TF-IDF: This is the product of TF and IDF. It gives more weight to words that are frequent in a document but rare across documents.
How TF-IDF Improves Over BoW:
BoW treats all words equally based on frequency, while TF-IDF emphasizes words that are important to a specific document but not common across all documents.
TF-IDF helps in capturing the uniqueness of words in documents and is more effective at representing text data for machine learning models.

In summary, TF-IDF assigns weights to words based on their importance in individual documents and across the entire corpus, providing a more nuanced representation of text data compared to simple word counts.
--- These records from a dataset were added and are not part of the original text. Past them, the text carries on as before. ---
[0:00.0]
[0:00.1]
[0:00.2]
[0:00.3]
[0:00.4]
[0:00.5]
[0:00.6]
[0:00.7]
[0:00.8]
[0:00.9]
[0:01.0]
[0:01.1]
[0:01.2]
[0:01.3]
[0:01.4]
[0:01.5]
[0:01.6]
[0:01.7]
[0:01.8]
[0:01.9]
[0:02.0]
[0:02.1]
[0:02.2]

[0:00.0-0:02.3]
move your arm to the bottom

# Function to get book recommendations based on book title
def get_recommendations(book_title, cosine_sim=cosine_sim, data=books):
    # Check if the book title exists in the dataset
    if book_title not in data['Book'].values:
        return "Book title not found in the dataset"
    
    # Get the index of the book that matches the title
    idx = data[data['Book'] == book_title].index
    if len(idx) == 0:
        return "Book title not found in the dataset"
    
    idx = idx[0]  # Get the first index if multiple matches
    
    # Get the pairwise similarity scores with that book
    sim_scores = list(enumerate(cosine_sim[idx]))
    
    # Sort the books based on the similarity scores
    sim_scores = sorted(sim_scores, key=lambda x: x[1], reverse=True)
    
    # Get the top 10 most similar books
    sim_scores = sim_scores[1:11]
    
    # Get the book indices
    book_indices = [i[0] for i in sim_scores]
    
    # Return the top 10 recommended books
    return data['Book'].iloc[book_indices]
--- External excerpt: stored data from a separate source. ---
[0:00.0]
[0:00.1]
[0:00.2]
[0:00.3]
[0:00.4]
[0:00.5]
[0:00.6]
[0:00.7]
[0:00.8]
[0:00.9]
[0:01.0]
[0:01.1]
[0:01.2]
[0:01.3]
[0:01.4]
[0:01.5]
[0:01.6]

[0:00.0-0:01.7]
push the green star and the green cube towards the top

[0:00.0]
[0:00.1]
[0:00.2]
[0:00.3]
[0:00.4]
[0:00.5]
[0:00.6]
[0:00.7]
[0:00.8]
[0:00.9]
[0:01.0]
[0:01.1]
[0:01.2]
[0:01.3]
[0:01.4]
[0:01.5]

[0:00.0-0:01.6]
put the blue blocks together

the above code snippet takes a book title as input, finds the most similar books based on cosine similarity scores, and returns a list of top 10 recommended books from the dataset. This process forms the core functionality of a book recommender system that suggests similar books based on a user’s selected book.

# Streamlit App to host the Book Recommender System
def main():
    st.title("Book Recommender System")
    
    # Sidebar to input book title
    book_title = st.sidebar.text_input("Enter a Book Title")
    
    if st.sidebar.button("Recommend"):
        if book_title:
            recommended_books = get_recommendations(book_title)
            st.subheader("Recommended Books:")
            for i, book in enumerate(recommended_books):
                st.write(f"{i+1}. {book}")
        else:
            st.write("Please enter a valid book title.")

if __name__ == '__main__':
    main()